警戒区域に指定された地域への一時的な帰宅をする「一時立ち入り」から戻った避難住民は、高い放射線量にさらされる可能性がある。「除染所」は、住民から基準値の10万cpm(1分間に検出される放射線の数)を超える放射線量が検出された場合、使用されることになっている。馬事公苑内には、避難住民が一時立ち入りの際に防護服を装着したり被曝状況を調べるスクリーニング検査を行ったりする中継基地があり、そこに「除染所」が併設されている。

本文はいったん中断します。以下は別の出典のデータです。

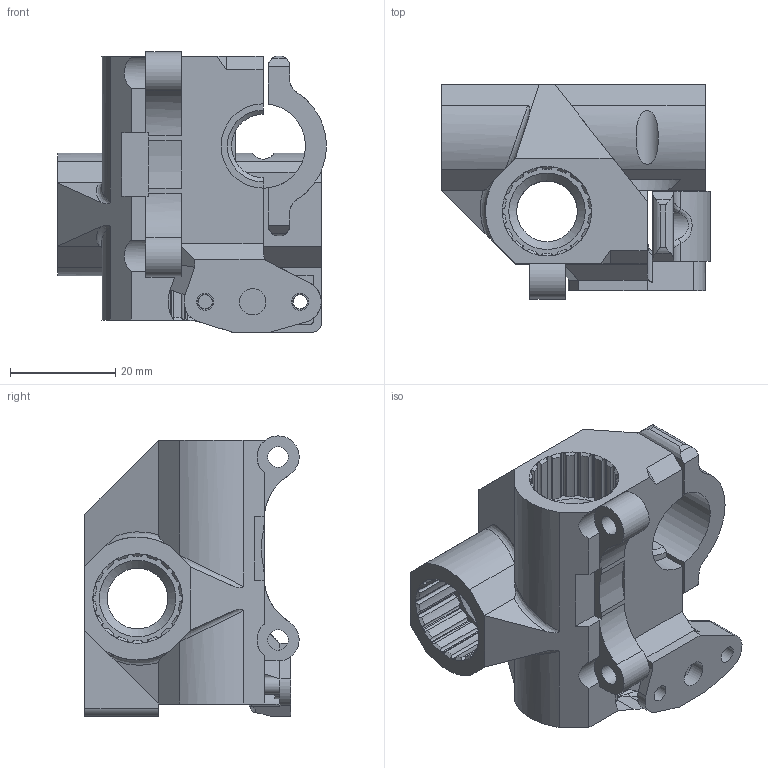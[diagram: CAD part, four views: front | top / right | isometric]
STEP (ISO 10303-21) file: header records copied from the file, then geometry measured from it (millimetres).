
FILE_DESCRIPTION(/* description */ (''),/* implementation_level */ '2;1');
FILE_NAME(/* name */ 'BlTouchEustathios v2.step',/* time_stamp */ '2020-04-11T14:40:14-04:00',/* author */ (''),/* organization */ (''),/* preprocessor_version */ 'ST-DEVELOPER v18',/* originating_system */ 'Autodesk Translation Framework v8.12.0.6',/* authorisation */ '');
FILE_SCHEMA (('AUTOMOTIVE_DESIGN { 1 0 10303 214 3 1 1 }'));
Length unit declared in the file: millimetre
Products named in the file (2): BlTouchEustathios; Zanes_Lightweight_Carriage_BLTouch
Assembly tree (1 placements, depth 2):
  BlTouchEustathios
    Zanes_Lightweight_Carriage_BLTouch
Bounding box: 51 x 40.65 x 53.15 mm (x, y, z)
Volume: 35340.2 mm3; surface area: 17038.5 mm2
Topology: 2 solids, 2 shells, 595 faces, 1592 edges, 1008 vertices
Faces by surface type: cylinder 338, plane 127, cone 82, bspline 46, torus 2
Full cylindrical faces by diameter (mm): 3.2 x4, 3.9 x4, 5 x1, 11.5 x2
Entity records: 25331 total; most frequent: CARTESIAN_POINT 10543, ORIENTED_EDGE 3180, DIRECTION 3093, EDGE_CURVE 1590, AXIS2_PLACEMENT_3D 1212, VERTEX_POINT 1009, LINE 669, VECTOR 669

「除染所」の内部には、放射性物質を洗い流すための洗面所やシャワールームが設置されている。菱沼隊長は「馬事公苑内の『除染所』が実際に使われたことはない。他の『除染所』でも今まで除染された人はいない」と語った。なお、陸上自衛隊の報道官によると、放射性物質を洗い流すための水は特別なものではなく、給水車で運ばれた水道水だという。
■「ネコが入り込み家の中で住み着いていた」
同日、実際に避難住民による警戒区域への一時立ち入りが行われた。馬事公苑内にある中継基地からは、浪江町の住民約280世帯480人が警戒区域に向けて出発。住民はわずか2時間ほどだが「久しぶりの我が家」に滞在したのち、中継基地に戻った。
今回が初めての一時立ち入りだという80歳代の男性は、「ようやく保険証を取りに帰ることができた」と話し、「地震で玄関の扉が壊れてしまい、隙間からネコが入り込み家の中で住み着いていた」と語った。また気温が高かった上に、防護服を着用したため、「とても暑かった」「年寄りの体には堪えた」とも語っていた。